Available data:
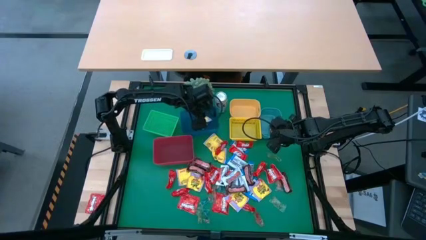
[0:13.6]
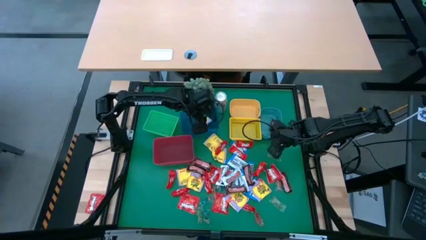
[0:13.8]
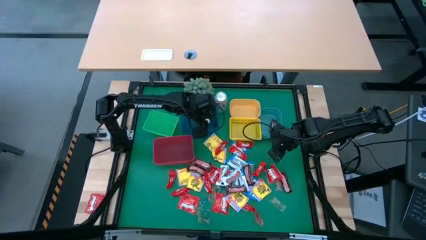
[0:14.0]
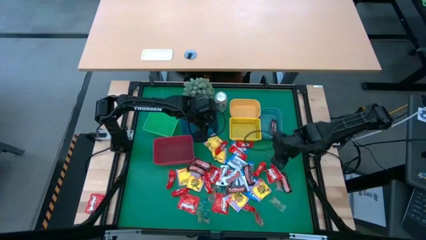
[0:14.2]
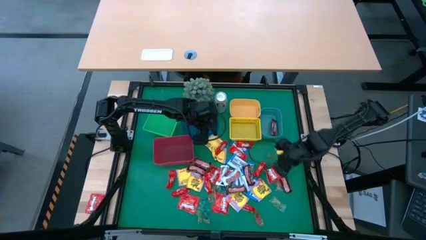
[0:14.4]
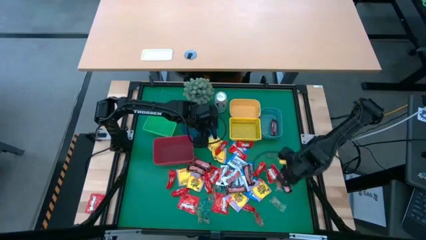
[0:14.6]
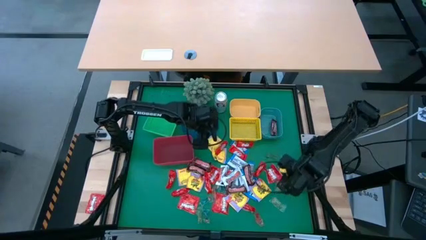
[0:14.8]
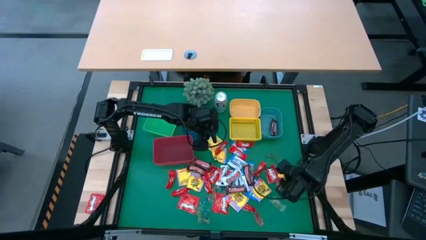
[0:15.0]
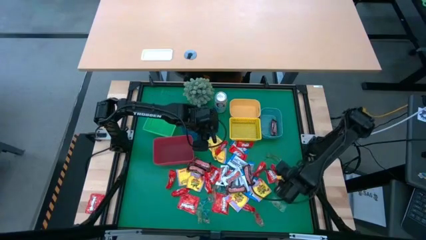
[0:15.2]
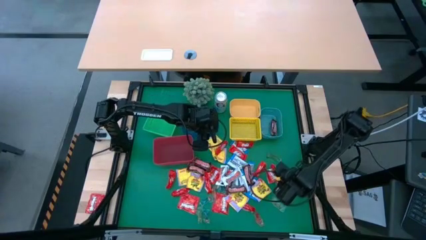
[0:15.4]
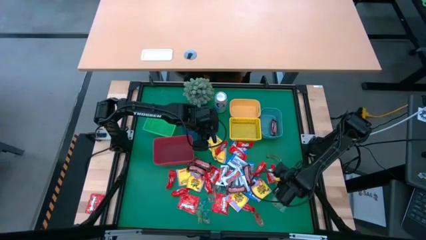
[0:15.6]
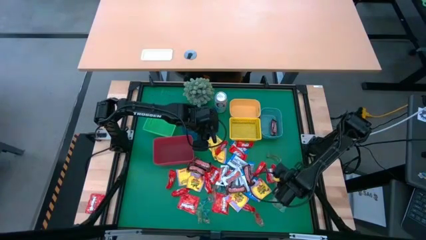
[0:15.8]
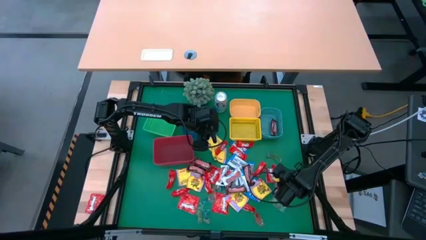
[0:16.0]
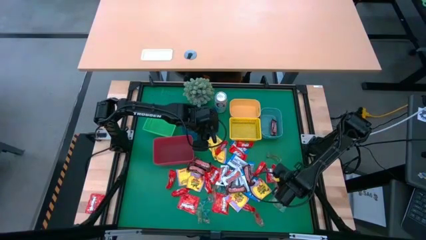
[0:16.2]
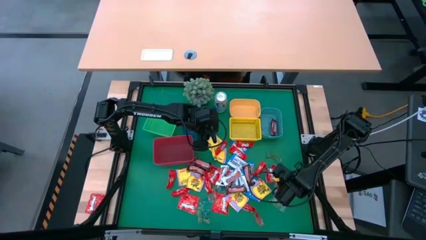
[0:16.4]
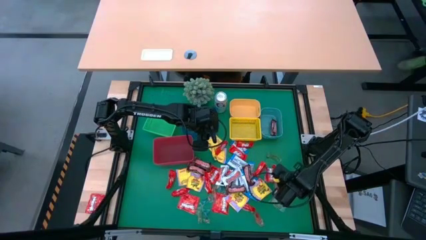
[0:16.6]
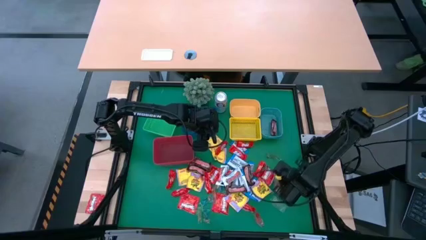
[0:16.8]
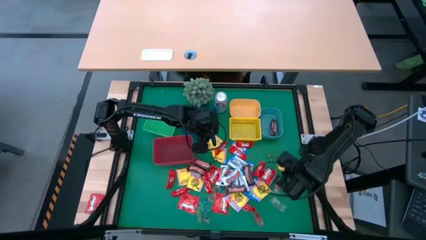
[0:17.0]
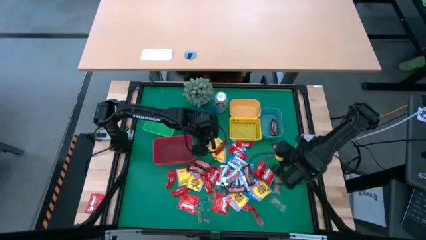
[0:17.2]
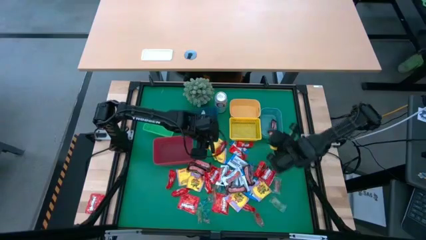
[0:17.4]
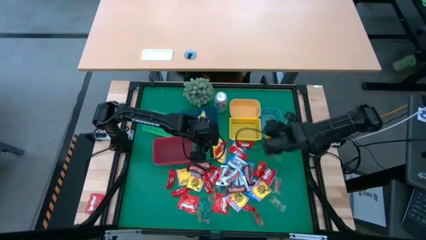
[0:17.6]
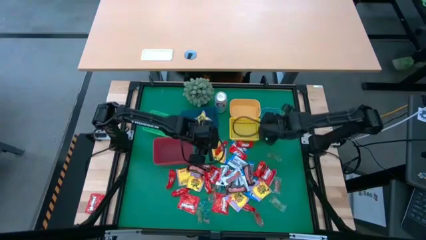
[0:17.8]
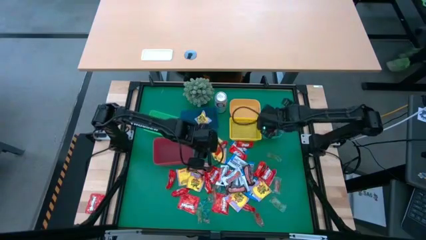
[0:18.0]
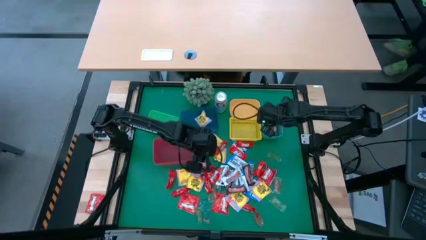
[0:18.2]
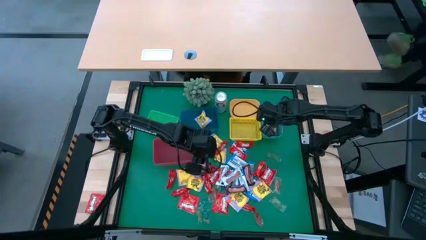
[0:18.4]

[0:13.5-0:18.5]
Task: Sort candy
Put the brown candy bar into the green bin

Exercise directions: Your answer is an exact copy of the records above, stripped of pictures.

Result below:
[0:13.6]
[0:13.8]
[0:14.0]
[0:14.2]
[0:14.4]
[0:14.6]
[0:14.8]
[0:15.0]
[0:15.2]
[0:15.4]
[0:15.6]
[0:15.8]
[0:16.0]
[0:16.2]
[0:16.4]
[0:16.6]
[0:16.8]
[0:17.0]
[0:17.2]
[0:17.4]
[0:17.6]
[0:17.8]
[0:18.0]
[0:18.2]
[0:18.4]

[0:13.5-0:18.5]
Task: Sort candy
Put the brown candy bar into the green bin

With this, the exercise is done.